These same folks even seemed remarkably excited when the band sprinkled five songs off its new CD, Black Ice, into the 18-song set. Usually when a band trots out its new songs, the punters head for the beer line, but these fans were right there, singing along to "Rock 'n' Roll Train," "Big Jack," and "War Machine." To me, the CD is lackluster, but most of the new ones actually sounded pretty cool when performed live.

I guess, given that Back in Black has sold so many copies, it shouldn't surprise me that the band has such crossover appeal. But it did. There were very few people under 21 years old at this show. Then again, every ticket in the place cost $100. It definitely could be AC/DC's cash-out tour. If it is, I'm glad I finally saw them, because they delivered.

Any semi-knowledgeable fan could've predicted AC/DC's nearly two-hour-long set list with 90 percent accuracy, but no matter: Hits are hits, and AC/DC played them all -- at eardrum-shattering volume. Singer Brian Johnson could've been the weak link, after 28 years of throat-shredding vocals, but the 61-year-old looked and sounded powerful, stalking the expansive stage in his trademark flat cap, sleeveless button-down shirt, and fitted jeans. Johnson made full use of the catwalk that extended into the middle of the basketball arena, often shaking hands and high-fiving fans lucky enough to be down on the floor.

Secret weapon Malcolm Young is starting to look like Gollum (as my concert-going companion Eric put it) but, wielding the same Gretsch guitar he's appeared onstage with for three decades, is still the quintessential rock 'n' roll rhythm guitarist. Underrated rhythm section Cliff Williams (bass) and Phil Rudd (drums) have always been the anti-Entwistle/Moon, but AC/DC wouldn't sound like AC/DC without their no-frills foundation. Williams has shocking white hair that covered his face for much of the set. The AC/DC formula demands that Rudd (now with short hair, wearing sensible-looking glasses, and often smoking during the set) not be allowed to call attention to himself with tricky beats and flashy fills. For his consistent service to that workmanlike formula, Rudd deserves some kind of lifetime achievement award.

In the end, the show belonged to Angus Young. He remained remarkably faithful to the solos you hear on all the classic AC/DC studio albums.
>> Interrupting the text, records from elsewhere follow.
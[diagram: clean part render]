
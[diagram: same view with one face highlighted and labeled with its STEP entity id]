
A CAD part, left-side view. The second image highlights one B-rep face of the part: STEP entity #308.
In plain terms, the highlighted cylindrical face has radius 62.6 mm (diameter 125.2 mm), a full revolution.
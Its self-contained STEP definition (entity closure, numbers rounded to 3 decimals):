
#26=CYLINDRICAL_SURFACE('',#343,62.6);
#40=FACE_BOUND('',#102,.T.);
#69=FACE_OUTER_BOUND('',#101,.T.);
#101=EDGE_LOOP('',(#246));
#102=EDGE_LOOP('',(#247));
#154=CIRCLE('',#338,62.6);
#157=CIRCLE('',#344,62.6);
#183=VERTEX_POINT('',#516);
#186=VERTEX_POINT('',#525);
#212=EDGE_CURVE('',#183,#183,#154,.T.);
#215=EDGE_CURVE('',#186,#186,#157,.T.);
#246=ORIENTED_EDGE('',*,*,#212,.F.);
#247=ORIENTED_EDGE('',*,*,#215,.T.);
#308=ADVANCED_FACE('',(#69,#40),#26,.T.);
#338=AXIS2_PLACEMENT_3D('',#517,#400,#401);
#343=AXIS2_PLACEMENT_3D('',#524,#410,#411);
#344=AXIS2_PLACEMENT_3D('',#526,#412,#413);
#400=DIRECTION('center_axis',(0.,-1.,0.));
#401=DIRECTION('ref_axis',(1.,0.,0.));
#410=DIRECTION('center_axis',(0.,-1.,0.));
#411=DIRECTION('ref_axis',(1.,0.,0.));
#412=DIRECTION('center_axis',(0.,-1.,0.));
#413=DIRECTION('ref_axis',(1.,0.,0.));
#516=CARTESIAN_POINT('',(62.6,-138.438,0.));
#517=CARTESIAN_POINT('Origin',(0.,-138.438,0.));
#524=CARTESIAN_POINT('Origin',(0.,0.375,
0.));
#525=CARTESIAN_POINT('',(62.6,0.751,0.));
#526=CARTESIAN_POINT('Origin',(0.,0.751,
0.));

Whether he's on his knees or on his back or running from end to end on the huge stage, Young's energy and virtuosity almost makes you forget that the guy's too old to be doing a striptease to "The Jack" or wearing devil horns on "Highway to Hell." The guy is 53 years old and his artistry clearly lies in his utter refusal to evolve. Yet unlike most rock 'n' roll reptiles, he's continued to thrive, despite his ignoring the pull of evolution. 

Though the band was pretty much spot-on for the whole set, they really sounded fired-up on "Dirty Deeds," "Shoot to Thrill," "Whole Lotta Rosie," and closer "Let There Be Rock." That revved-up Bon Scott-era classic featured an extended solo by Angus Young, who stood on the highest part of the stage, in front of the giant video screen. There he blasted out his trademark dirty-blues licks and mugged for the audience, goading them into more applause.
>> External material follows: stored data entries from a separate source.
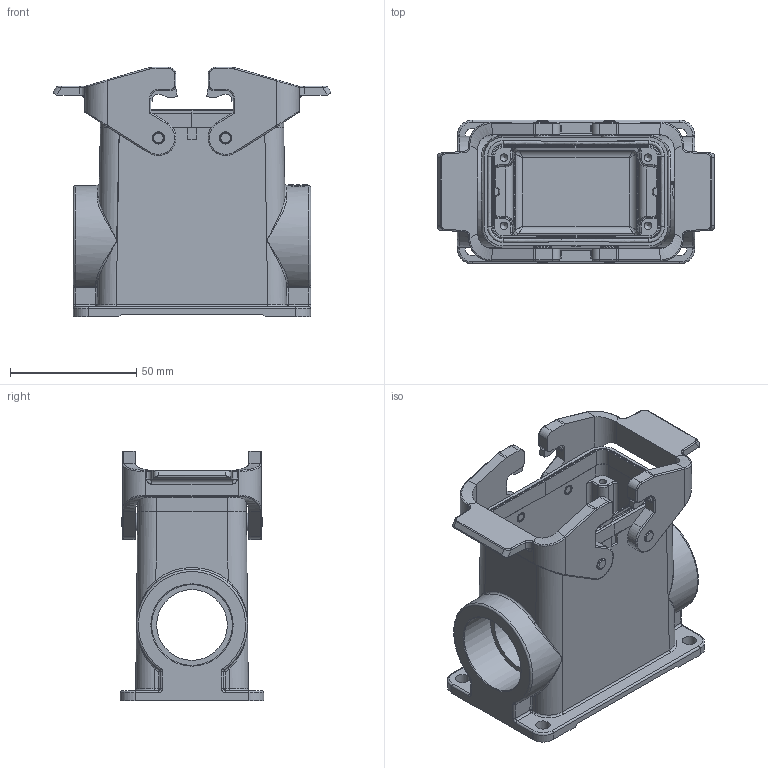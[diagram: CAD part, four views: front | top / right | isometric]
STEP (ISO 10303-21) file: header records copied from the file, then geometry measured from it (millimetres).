
FILE_DESCRIPTION(/* description */ (''),/* implementation_level */ '2;1');
FILE_NAME(/* name */ '100095319ugm000_c.stp',/* time_stamp */ '2017-11-03T10:37:22+01:00',/* author */ (''),/* organization */ (''),/* preprocessor_version */ 'ST-DEVELOPER v16',/* originating_system */ 'SIEMENS PLM Software NX 10.0',/* authorisation */ '');
FILE_SCHEMA (('AUTOMOTIVE_DESIGN { 1 0 10303 214 3 1 1 1 }'));
Length unit declared in the file: millimetre
Products named in the file (1): 100095319ugm000_c
Bounding box: 110 x 57 x 98.8 mm (x, y, z)
Volume: 141394.1 mm3; surface area: 60513.6 mm2
Topology: 3 solids, 4 shells, 933 faces, 2416 edges, 1526 vertices
Faces by surface type: plane 367, cylinder 248, bspline 248, torus 34, cone 28, sphere 8
Full cylindrical faces by diameter (mm): 2.95 x3, 3 x4, 4 x4, 4.8 x4, 5.6 x4, 7 x4, 28 x2, 32 x2
Entity records: 42747 total; most frequent: CARTESIAN_POINT 16760, ORIENTED_EDGE 4572, DIRECTION 3800, EDGE_CURVE 2286, VERTEX_POINT 1460, AXIS2_PLACEMENT_3D 1350, LINE 1100, VECTOR 1100

Something hit me during the first song of the encore, "Highway to Hell": I had to admit to myself that I'd entered the show thinking I was going on a nostalgia trip. But I got something that was pretty much the opposite. It was unlike going to an old-timers' baseball game or even seeing The Who, Kiss, Cheap Trick, and Joan Jett in recent years. While entertaining to various degress, those shows were nostalgia acts. AC/DC suddenly seemed much more timeless -- the one and only breed of a rock 'n' roll animal that will never evolve. I think a lot of us are comforted by that thought. -- Jay Bennett

The setlist:

1. "Rock 'n' Roll Train" (new)
2. "Hell Ain't a Bad Place to Be"
3. "Back in Black"
4. "Big Jack" (new)
5. "Dirty Deeds Done Dirt Cheap"
6. "Thunderstruck"
7. "Black Ice" (new)
8. "The Jack"
9. "Hells Bells"
10. "Shoot to Thrill"
11. "War Machine" (new)
12. "Anything Goes" (new)
13. "You Shook Me All Night Long"
14. "T.N.T."
15. "Whole Lotta Rosie"
16. "Let There Be Rock"
Encore:
17 "Highway to Hell"
18 "For Those About to Rock"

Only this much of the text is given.